● TRY IT: Counting only lines below that contain the string "Naturgummi", give the total as a single number.
[RECORDS FOR THIS EXERCISE]
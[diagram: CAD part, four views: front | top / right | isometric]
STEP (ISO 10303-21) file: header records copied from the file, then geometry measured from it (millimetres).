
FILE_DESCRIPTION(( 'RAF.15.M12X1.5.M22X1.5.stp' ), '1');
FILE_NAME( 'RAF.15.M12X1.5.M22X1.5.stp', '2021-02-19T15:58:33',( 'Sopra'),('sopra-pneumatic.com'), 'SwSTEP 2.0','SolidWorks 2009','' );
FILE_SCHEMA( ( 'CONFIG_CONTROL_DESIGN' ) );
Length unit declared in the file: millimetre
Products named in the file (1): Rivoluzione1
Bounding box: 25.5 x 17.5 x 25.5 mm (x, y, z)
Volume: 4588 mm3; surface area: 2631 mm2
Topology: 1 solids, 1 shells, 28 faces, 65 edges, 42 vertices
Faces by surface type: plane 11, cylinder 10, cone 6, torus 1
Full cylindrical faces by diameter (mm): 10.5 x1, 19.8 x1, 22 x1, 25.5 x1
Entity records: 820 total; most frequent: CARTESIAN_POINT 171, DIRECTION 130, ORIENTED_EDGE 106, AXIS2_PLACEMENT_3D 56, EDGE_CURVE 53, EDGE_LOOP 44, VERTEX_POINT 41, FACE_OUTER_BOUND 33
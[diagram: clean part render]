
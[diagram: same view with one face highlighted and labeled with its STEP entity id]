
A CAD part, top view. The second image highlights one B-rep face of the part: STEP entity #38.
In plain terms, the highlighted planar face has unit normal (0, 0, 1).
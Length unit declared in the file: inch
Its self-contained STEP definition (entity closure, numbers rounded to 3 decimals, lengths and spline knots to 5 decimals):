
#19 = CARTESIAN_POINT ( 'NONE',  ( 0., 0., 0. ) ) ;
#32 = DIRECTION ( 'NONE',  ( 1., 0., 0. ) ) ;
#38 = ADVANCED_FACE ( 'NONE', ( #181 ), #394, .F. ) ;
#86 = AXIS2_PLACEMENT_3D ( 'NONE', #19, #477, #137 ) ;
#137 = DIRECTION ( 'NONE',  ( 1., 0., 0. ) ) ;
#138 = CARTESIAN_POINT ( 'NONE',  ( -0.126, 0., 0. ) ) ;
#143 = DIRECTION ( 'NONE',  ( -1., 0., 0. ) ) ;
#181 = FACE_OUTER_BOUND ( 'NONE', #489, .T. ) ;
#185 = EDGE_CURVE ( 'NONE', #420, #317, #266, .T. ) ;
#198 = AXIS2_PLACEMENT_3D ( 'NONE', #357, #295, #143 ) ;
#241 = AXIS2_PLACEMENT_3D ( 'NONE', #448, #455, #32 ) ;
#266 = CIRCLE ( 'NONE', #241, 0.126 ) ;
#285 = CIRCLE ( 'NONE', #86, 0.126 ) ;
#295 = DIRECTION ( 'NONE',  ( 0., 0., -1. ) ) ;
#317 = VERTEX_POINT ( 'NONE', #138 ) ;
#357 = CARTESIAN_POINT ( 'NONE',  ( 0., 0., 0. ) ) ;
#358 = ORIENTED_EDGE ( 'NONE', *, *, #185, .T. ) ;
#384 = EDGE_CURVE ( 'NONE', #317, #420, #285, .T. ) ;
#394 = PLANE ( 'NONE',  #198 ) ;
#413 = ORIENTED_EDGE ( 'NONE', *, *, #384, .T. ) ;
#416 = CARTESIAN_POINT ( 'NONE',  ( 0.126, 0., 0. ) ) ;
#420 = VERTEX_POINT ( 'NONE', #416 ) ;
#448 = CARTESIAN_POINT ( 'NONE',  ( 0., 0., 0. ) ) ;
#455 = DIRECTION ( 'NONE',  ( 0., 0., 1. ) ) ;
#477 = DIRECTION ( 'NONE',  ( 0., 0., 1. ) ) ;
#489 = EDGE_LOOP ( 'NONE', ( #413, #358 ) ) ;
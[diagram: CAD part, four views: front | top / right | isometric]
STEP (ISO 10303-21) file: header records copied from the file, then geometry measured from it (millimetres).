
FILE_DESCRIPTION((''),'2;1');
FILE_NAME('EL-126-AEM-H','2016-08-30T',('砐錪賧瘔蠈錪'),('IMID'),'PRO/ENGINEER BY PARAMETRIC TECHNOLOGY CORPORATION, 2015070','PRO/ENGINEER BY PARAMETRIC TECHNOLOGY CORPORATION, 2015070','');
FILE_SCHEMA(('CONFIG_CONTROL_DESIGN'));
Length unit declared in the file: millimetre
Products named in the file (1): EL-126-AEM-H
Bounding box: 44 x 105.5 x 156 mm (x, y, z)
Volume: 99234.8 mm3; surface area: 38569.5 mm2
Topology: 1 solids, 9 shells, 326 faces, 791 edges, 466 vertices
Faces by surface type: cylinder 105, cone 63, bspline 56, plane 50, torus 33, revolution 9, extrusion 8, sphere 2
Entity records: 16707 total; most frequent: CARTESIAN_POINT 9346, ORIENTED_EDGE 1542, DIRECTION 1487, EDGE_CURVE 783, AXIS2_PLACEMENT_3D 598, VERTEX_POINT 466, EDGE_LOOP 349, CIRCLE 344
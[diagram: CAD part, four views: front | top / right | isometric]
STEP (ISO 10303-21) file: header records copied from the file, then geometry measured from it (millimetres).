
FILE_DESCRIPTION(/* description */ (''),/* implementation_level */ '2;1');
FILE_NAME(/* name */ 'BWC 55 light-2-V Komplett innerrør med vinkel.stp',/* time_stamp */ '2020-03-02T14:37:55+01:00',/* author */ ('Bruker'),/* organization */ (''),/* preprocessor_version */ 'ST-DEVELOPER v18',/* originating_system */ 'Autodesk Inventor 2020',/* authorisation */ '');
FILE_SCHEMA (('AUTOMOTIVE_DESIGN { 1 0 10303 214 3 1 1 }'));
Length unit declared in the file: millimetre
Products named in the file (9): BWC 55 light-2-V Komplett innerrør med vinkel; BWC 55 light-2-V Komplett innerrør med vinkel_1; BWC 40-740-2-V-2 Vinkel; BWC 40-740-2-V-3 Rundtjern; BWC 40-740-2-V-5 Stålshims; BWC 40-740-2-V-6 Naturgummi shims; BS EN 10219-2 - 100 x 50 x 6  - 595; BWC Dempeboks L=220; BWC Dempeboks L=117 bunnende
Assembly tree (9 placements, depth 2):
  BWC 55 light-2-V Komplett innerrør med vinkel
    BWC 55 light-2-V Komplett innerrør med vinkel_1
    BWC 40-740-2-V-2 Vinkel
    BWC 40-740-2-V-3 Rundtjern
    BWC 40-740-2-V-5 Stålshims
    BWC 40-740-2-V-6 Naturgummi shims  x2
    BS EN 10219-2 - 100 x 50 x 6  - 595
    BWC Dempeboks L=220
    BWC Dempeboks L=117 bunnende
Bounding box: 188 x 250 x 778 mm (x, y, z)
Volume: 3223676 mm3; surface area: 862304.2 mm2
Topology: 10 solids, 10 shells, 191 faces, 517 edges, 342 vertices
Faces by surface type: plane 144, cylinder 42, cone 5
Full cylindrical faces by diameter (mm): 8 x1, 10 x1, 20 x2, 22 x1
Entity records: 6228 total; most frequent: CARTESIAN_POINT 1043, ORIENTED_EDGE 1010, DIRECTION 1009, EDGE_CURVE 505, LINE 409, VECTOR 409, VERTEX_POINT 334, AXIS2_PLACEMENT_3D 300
[/RECORDS FOR THIS EXERCISE]
● YOUR RESPONSE: 2